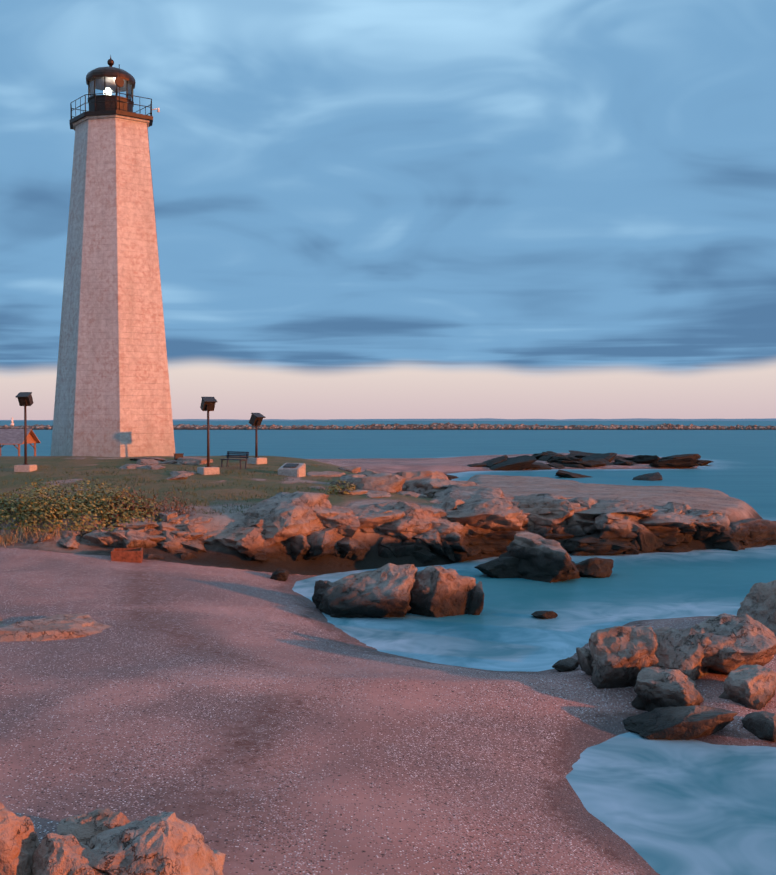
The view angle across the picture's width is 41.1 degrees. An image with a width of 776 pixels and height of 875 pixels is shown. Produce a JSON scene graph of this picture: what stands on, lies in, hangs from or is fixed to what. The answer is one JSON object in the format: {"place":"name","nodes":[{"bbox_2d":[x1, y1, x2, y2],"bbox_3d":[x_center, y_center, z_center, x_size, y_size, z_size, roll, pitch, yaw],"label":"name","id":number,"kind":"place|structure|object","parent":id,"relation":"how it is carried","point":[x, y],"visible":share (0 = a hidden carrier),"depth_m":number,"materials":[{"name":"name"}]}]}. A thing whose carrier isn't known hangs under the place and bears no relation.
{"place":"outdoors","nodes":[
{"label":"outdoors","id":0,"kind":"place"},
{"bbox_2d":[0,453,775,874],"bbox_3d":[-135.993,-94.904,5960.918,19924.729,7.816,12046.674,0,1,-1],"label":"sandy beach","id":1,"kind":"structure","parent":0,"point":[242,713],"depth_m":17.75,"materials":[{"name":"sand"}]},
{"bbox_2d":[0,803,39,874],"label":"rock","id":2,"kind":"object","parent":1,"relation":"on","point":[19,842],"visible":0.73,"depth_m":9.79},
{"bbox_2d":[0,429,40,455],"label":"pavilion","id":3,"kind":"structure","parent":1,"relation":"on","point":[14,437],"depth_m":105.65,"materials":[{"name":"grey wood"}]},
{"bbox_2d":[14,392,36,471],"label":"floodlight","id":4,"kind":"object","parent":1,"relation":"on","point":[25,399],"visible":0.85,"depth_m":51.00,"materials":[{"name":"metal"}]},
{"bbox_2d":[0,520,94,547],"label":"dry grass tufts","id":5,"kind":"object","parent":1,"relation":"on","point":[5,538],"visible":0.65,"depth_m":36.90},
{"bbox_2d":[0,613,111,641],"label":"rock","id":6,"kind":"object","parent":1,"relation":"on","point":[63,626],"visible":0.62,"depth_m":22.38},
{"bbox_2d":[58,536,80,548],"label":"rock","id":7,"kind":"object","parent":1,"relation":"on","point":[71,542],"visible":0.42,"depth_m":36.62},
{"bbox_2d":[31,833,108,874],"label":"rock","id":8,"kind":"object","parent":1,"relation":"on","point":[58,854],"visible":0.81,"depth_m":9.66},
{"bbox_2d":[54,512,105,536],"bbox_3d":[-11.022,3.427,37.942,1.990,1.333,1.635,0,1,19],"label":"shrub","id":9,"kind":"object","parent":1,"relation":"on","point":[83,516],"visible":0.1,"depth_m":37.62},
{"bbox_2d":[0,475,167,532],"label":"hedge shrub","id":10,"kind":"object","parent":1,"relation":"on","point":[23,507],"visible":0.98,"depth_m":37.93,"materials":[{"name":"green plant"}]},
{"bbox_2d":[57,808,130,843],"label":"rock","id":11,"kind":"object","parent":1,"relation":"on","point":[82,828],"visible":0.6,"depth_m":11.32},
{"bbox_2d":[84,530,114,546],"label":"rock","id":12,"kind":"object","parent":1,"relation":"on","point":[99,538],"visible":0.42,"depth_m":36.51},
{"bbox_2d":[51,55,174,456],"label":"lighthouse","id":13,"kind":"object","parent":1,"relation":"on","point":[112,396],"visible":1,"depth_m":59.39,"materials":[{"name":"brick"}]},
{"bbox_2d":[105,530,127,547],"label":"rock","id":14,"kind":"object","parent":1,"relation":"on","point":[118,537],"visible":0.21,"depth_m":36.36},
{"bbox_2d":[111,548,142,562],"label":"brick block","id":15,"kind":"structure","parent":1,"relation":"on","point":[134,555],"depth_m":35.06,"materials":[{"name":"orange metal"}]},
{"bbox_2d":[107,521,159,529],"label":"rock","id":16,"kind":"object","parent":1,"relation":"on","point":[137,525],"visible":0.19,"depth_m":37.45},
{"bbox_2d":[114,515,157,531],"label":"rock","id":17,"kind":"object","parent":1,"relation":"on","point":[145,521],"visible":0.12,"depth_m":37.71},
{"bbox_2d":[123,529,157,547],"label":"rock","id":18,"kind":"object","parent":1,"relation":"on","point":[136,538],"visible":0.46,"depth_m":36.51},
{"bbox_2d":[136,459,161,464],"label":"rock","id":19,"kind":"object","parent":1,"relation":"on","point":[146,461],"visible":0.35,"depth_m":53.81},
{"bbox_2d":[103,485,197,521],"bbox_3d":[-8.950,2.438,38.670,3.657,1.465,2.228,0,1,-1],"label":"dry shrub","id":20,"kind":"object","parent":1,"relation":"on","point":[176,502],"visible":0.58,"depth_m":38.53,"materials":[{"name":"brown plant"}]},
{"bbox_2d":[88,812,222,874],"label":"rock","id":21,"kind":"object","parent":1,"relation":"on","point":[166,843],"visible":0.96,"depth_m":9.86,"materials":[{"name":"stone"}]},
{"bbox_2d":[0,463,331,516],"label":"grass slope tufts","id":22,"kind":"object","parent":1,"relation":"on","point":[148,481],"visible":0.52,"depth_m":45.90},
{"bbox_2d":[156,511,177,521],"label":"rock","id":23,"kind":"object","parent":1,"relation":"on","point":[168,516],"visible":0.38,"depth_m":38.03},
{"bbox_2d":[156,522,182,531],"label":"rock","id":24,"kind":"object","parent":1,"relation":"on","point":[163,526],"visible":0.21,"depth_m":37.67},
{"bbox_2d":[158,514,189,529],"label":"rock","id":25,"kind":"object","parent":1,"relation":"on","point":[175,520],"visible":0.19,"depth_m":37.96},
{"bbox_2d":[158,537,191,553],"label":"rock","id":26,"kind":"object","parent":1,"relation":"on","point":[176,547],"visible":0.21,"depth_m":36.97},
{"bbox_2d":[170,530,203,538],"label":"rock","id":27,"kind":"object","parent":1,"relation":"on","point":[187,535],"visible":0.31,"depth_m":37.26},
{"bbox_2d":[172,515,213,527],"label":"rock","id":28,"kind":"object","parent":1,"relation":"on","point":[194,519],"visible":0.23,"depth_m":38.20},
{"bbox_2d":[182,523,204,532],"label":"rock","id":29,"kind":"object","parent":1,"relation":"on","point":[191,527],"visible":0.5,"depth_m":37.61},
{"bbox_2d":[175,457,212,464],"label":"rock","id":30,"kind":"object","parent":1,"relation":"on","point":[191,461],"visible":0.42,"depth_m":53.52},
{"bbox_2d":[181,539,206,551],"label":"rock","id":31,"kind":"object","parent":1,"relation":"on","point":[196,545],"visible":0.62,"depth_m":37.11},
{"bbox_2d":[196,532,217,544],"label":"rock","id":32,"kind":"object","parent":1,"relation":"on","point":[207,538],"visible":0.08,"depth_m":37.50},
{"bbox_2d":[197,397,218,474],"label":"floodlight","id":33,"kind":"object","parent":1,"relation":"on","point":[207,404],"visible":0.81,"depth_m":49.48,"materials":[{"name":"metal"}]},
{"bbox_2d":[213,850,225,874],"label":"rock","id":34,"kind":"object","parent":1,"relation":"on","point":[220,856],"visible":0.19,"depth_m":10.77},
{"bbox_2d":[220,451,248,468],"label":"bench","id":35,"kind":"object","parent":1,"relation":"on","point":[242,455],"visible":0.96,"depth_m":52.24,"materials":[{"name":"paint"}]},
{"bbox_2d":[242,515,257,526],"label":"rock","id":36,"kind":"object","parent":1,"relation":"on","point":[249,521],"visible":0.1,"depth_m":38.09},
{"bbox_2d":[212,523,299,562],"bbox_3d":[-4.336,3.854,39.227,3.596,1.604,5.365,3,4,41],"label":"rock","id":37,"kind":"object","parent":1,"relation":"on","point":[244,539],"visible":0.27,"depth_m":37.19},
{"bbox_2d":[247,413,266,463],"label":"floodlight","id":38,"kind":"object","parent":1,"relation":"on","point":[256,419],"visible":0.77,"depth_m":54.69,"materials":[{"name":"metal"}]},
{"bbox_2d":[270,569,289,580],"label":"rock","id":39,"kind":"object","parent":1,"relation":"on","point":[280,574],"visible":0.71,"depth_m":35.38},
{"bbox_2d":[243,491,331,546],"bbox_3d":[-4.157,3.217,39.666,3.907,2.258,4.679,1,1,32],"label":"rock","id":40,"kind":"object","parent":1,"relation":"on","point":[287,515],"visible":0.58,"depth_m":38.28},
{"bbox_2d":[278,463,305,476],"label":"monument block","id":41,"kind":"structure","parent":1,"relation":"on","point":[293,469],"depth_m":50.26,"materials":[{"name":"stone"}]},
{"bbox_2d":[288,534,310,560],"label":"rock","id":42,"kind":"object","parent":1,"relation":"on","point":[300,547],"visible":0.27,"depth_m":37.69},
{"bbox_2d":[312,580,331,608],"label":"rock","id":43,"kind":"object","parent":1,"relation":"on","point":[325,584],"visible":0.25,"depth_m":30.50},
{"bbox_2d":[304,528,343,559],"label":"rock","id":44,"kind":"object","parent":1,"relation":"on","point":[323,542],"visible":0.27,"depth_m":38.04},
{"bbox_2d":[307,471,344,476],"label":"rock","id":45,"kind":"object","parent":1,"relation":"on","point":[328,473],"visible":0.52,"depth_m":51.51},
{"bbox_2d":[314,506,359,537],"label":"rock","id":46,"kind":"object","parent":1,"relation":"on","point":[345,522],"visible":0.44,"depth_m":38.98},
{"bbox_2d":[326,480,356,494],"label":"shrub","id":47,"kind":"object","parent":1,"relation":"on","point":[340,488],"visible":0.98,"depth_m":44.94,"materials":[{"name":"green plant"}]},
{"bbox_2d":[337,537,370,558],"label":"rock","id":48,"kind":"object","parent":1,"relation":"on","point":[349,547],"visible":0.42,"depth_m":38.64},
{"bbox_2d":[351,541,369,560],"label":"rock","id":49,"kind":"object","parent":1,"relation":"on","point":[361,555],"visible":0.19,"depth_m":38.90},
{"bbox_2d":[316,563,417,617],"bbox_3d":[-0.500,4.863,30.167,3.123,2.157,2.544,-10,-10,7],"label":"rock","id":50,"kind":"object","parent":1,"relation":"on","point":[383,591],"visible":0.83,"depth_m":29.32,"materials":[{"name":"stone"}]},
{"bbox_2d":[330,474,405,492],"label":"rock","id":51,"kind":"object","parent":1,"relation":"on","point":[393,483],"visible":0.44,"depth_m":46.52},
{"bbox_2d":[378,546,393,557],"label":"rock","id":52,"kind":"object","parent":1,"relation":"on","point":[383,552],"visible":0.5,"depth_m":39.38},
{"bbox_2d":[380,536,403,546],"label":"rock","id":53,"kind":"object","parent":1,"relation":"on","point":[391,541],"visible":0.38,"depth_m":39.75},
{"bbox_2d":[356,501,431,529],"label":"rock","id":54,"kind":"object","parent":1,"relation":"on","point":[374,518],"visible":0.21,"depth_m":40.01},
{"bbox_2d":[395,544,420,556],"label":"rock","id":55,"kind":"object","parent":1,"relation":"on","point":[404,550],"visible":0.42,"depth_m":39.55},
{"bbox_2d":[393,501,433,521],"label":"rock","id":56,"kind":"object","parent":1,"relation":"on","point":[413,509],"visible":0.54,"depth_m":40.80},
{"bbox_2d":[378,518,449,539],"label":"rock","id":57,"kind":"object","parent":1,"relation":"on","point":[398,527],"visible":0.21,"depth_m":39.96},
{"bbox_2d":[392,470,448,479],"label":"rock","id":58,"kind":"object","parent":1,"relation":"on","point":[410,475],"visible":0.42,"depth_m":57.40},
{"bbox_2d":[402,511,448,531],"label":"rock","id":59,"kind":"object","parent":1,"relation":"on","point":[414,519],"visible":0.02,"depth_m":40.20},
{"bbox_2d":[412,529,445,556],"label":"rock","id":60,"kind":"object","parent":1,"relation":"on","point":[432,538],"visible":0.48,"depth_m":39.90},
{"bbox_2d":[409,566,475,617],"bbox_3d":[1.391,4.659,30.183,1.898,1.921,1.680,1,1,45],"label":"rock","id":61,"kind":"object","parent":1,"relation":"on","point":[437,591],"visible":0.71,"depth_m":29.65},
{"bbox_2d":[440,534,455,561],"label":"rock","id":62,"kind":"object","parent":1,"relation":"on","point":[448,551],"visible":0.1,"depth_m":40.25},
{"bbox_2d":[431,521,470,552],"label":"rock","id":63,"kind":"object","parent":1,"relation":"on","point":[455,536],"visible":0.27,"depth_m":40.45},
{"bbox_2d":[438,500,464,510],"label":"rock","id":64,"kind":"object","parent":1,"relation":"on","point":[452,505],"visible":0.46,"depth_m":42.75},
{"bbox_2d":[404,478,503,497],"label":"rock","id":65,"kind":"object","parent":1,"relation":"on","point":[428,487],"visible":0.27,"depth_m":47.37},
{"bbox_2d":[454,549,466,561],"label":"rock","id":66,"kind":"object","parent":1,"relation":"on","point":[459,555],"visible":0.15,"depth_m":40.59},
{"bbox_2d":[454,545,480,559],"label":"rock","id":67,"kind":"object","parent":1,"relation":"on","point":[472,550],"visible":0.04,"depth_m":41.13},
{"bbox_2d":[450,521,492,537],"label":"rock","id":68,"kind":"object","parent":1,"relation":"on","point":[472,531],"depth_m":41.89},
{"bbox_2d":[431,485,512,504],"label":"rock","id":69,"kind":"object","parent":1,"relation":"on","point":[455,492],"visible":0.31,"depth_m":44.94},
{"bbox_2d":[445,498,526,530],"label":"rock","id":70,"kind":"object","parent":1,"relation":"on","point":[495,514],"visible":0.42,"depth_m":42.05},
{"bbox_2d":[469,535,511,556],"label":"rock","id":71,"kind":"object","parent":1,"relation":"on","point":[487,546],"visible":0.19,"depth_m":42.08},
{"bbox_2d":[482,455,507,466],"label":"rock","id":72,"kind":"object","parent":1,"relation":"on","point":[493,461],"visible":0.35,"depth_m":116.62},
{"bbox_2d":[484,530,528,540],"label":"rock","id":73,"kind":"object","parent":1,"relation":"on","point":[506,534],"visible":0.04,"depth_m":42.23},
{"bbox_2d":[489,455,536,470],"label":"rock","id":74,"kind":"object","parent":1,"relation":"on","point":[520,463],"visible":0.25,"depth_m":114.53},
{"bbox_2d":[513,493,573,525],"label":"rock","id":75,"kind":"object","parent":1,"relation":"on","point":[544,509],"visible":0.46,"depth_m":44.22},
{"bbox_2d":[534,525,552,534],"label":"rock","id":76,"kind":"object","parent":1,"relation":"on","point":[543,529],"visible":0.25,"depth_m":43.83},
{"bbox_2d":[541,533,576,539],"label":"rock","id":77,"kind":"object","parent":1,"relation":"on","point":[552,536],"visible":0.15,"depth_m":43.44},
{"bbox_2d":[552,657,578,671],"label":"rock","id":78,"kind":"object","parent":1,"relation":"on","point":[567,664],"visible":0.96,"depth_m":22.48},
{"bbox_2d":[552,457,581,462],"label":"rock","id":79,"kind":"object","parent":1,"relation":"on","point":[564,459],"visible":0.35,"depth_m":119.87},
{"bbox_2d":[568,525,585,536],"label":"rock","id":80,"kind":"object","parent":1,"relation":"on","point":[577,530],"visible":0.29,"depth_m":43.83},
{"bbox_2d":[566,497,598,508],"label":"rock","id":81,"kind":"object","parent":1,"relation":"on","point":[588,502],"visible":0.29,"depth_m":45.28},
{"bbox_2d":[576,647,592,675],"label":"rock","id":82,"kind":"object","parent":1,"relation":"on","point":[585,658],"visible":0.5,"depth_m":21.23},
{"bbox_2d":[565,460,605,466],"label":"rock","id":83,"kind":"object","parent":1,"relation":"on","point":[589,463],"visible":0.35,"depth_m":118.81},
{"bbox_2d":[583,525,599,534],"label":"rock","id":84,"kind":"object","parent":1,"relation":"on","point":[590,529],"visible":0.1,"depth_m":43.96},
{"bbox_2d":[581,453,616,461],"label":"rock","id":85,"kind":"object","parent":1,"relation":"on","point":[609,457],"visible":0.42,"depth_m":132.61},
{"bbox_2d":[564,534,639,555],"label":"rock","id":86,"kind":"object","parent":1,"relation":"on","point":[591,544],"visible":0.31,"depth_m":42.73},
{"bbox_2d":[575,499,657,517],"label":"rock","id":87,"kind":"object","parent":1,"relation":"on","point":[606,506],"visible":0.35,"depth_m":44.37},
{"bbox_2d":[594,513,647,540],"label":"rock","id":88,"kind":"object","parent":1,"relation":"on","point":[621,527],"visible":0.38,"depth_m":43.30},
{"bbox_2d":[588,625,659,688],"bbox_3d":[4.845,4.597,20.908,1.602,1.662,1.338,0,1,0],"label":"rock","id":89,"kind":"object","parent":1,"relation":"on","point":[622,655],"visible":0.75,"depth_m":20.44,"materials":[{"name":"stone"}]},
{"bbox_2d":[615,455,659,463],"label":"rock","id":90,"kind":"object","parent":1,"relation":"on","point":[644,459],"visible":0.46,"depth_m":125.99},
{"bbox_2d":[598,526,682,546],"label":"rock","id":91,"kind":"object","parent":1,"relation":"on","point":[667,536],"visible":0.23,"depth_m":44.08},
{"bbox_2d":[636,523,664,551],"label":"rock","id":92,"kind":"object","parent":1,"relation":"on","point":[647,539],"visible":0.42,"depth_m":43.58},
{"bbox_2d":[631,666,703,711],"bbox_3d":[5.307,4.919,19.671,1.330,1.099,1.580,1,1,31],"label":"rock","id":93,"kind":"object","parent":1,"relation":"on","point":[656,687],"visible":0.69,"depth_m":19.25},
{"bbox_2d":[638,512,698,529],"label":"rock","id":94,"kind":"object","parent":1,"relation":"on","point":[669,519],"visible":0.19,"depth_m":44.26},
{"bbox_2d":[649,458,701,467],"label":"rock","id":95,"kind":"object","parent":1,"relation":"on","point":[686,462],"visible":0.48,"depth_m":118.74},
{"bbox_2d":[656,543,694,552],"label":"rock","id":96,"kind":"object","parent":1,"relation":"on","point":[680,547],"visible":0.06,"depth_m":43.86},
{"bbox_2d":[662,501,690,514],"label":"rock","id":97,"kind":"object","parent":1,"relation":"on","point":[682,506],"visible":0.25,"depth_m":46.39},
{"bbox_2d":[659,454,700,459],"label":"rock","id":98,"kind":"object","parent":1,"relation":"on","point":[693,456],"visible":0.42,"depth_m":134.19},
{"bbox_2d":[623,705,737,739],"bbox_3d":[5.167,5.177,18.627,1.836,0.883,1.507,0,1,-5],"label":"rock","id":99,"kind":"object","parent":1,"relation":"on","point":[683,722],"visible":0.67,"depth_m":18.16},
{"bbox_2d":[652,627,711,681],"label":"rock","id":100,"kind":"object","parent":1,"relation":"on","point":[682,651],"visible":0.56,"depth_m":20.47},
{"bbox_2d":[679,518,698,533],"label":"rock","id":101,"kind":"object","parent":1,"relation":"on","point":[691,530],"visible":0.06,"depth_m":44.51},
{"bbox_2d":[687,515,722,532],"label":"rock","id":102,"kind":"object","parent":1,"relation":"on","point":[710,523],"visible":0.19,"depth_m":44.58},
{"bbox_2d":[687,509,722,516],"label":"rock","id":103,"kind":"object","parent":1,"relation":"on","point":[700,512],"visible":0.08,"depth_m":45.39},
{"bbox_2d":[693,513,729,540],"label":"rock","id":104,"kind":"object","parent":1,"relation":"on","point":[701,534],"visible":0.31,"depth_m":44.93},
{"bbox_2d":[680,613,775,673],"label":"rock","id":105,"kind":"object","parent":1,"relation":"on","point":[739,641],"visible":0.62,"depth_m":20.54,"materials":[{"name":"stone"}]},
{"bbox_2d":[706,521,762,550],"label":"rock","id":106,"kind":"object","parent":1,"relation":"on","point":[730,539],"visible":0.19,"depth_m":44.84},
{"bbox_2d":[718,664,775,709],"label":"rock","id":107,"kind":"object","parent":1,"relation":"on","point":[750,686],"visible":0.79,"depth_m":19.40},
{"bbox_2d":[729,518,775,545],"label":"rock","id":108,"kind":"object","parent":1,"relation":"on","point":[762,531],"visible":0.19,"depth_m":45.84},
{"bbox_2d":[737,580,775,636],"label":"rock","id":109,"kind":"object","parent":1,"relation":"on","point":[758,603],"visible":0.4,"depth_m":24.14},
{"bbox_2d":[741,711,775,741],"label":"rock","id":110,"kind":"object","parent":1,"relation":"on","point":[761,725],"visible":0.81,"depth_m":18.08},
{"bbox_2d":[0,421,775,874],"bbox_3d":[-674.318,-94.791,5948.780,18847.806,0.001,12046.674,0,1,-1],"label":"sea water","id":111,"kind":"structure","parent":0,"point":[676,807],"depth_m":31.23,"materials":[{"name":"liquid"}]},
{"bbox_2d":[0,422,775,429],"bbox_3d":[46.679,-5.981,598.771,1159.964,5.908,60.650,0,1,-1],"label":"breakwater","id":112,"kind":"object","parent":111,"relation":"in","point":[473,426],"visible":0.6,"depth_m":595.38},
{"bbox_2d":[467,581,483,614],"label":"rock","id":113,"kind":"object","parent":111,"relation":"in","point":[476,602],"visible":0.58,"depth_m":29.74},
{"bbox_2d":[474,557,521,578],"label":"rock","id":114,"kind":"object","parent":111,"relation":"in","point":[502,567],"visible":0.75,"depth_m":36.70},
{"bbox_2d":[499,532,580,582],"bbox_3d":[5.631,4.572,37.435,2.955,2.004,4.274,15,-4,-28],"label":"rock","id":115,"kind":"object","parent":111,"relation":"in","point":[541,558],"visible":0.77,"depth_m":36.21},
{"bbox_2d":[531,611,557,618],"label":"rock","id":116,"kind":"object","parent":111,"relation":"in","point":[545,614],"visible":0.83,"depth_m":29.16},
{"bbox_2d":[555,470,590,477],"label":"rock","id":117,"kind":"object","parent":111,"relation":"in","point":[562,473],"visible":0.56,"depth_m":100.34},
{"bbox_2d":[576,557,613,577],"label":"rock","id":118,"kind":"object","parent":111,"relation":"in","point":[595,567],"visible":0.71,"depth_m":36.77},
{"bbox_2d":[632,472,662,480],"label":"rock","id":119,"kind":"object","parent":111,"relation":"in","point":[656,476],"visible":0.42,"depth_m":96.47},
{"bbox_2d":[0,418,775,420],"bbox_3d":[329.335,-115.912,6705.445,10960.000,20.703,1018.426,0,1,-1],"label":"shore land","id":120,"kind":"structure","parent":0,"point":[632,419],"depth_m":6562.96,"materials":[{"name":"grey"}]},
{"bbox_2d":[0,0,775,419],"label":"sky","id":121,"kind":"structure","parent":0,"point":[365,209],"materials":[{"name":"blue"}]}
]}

========================================

Instructions for the task: The response consists of the lines above that contain "grass".

Result:
{"bbox_2d":[0,520,94,547],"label":"dry grass tufts","id":5,"kind":"object","parent":1,"relation":"on","point":[5,538],"visible":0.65,"depth_m":36.90},
{"bbox_2d":[0,463,331,516],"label":"grass slope tufts","id":22,"kind":"object","parent":1,"relation":"on","point":[148,481],"visible":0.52,"depth_m":45.90},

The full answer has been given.